Your instructions: Where an entry holds an image, skip the image but reproduce the rest word for word.

Available data:

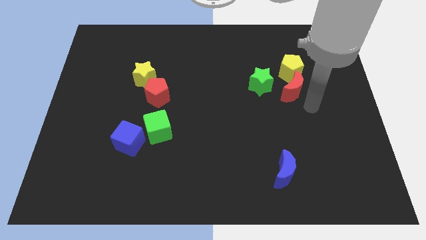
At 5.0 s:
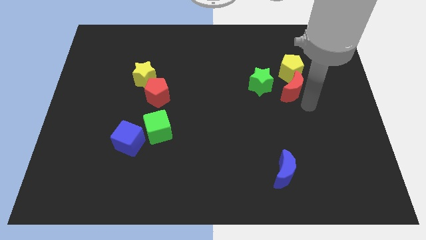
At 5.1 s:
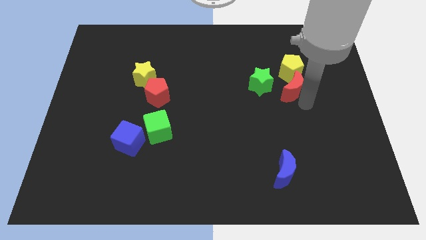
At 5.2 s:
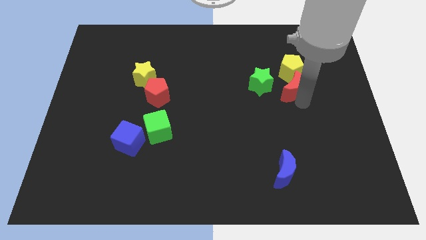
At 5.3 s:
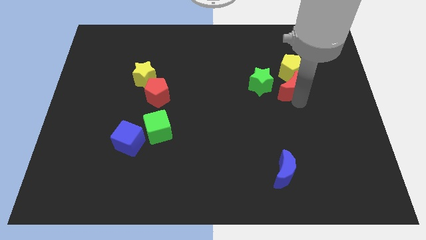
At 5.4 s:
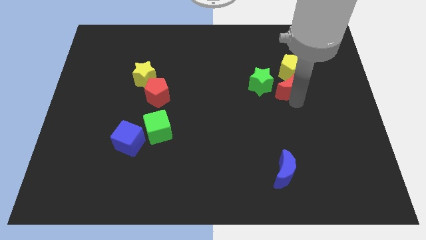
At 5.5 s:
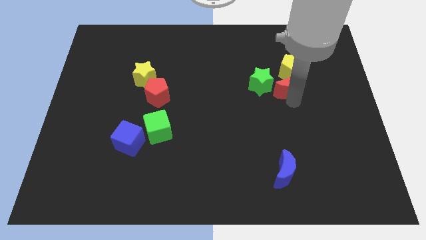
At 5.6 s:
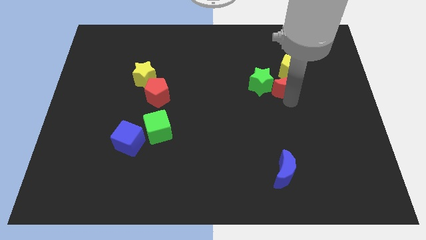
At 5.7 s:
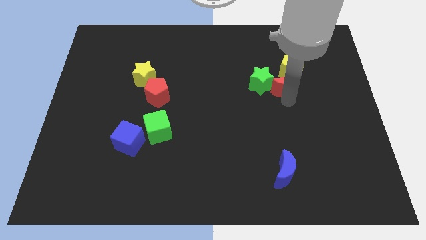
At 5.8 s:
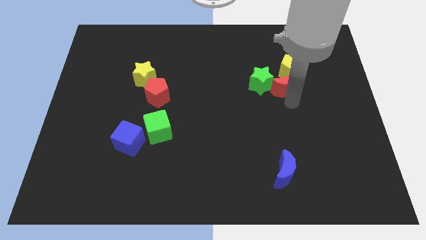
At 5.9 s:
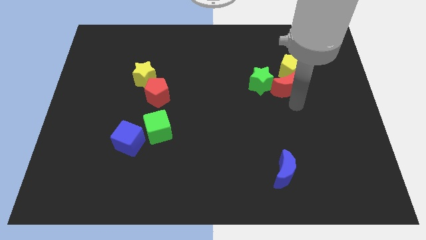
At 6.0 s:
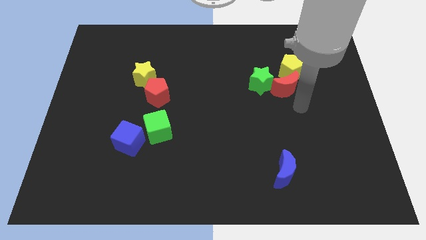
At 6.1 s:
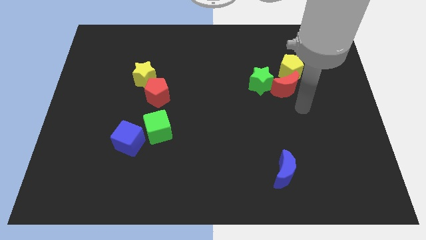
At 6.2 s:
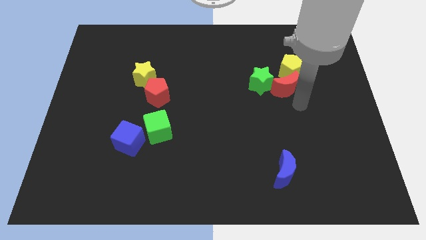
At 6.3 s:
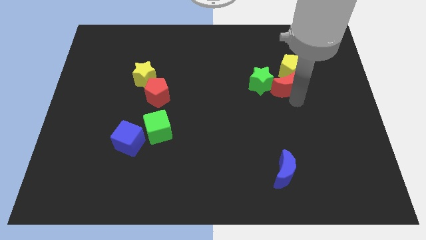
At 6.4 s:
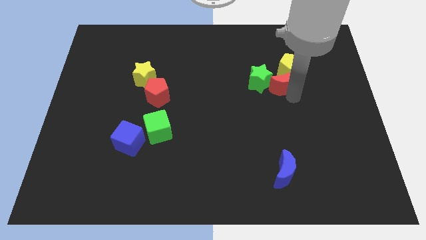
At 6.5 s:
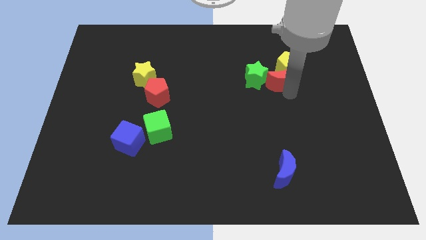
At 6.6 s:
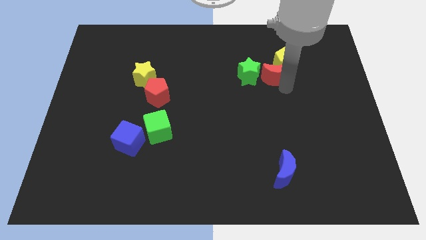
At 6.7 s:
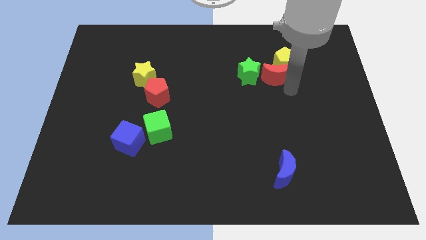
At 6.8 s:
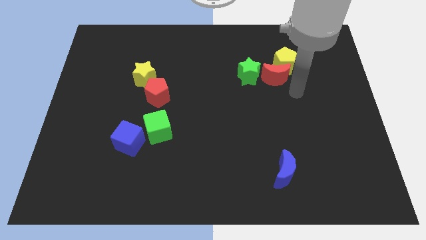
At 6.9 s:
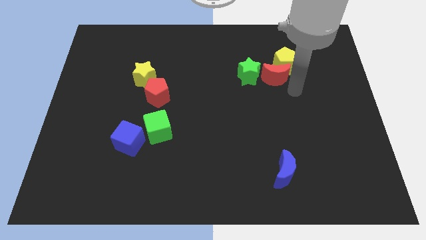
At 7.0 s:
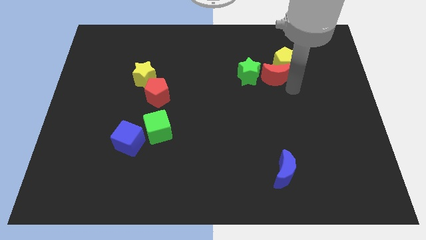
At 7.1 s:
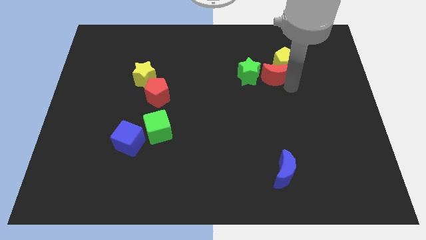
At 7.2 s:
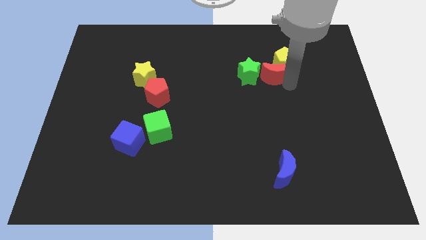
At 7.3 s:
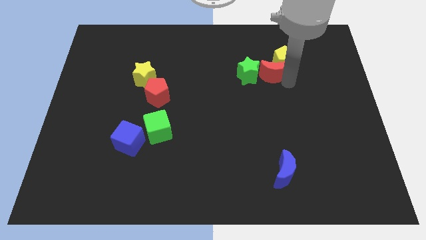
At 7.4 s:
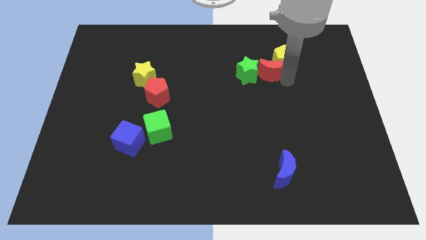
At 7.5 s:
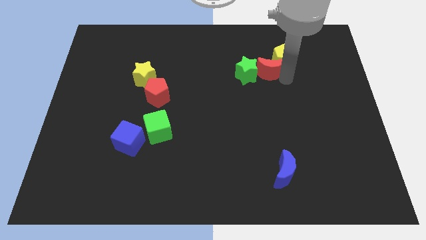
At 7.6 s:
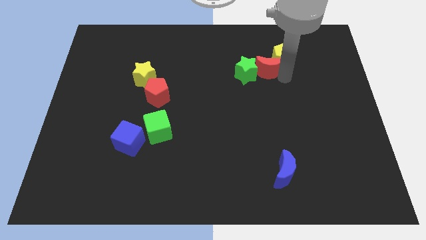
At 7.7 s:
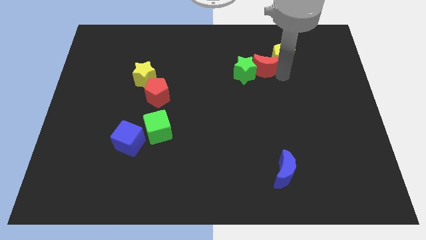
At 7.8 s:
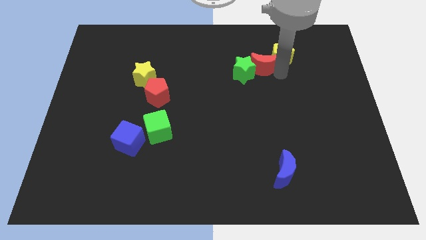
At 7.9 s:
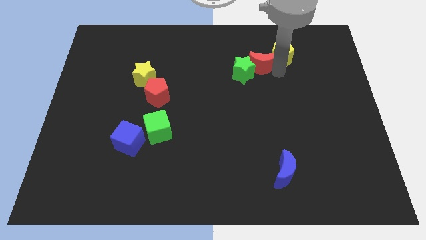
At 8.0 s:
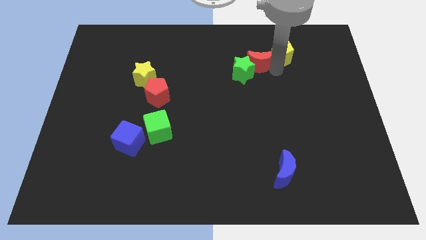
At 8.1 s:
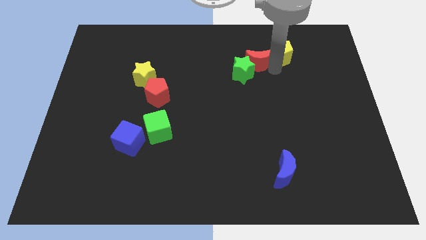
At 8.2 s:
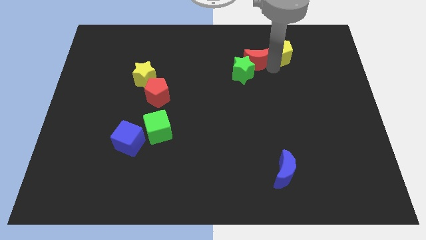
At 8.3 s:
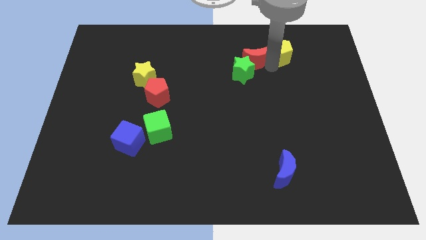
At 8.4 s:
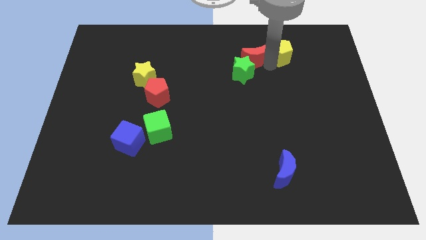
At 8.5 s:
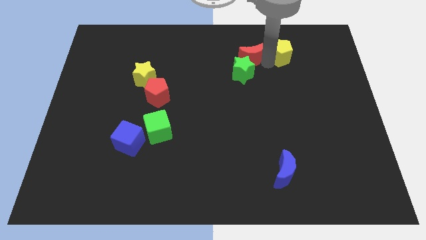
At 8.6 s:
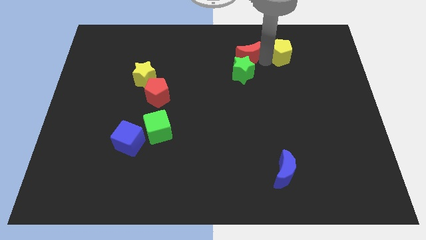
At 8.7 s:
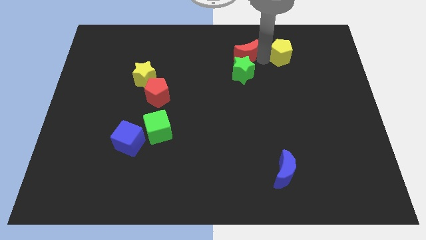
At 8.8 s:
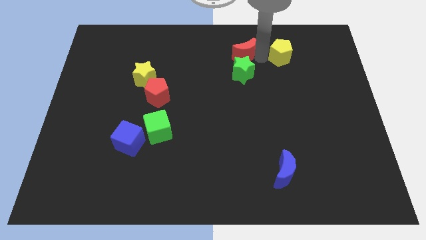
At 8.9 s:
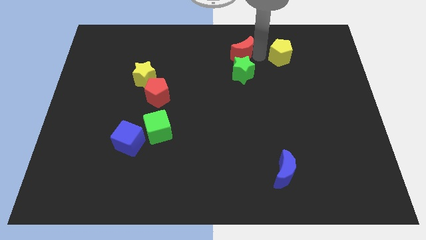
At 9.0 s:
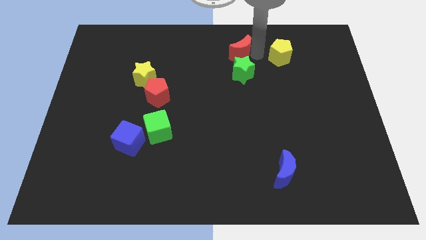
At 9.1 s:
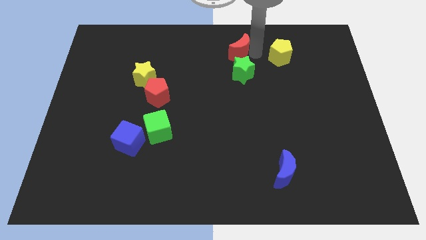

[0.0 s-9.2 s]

Task answer:
At 5.0 s:
At 5.1 s:
At 5.2 s:
At 5.3 s:
At 5.4 s:
At 5.5 s:
At 5.6 s:
At 5.7 s:
At 5.8 s:
At 5.9 s:
At 6.0 s:
At 6.1 s:
At 6.2 s:
At 6.3 s:
At 6.4 s:
At 6.5 s:
At 6.6 s:
At 6.7 s:
At 6.8 s:
At 6.9 s:
At 7.0 s:
At 7.1 s:
At 7.2 s:
At 7.3 s:
At 7.4 s:
At 7.5 s:
At 7.6 s:
At 7.7 s:
At 7.8 s:
At 7.9 s:
At 8.0 s:
At 8.1 s:
At 8.2 s:
At 8.3 s:
At 8.4 s:
At 8.5 s:
At 8.6 s:
At 8.7 s:
At 8.8 s:
At 8.9 s:
At 9.0 s:
At 9.1 s:

[0.0 s-9.2 s]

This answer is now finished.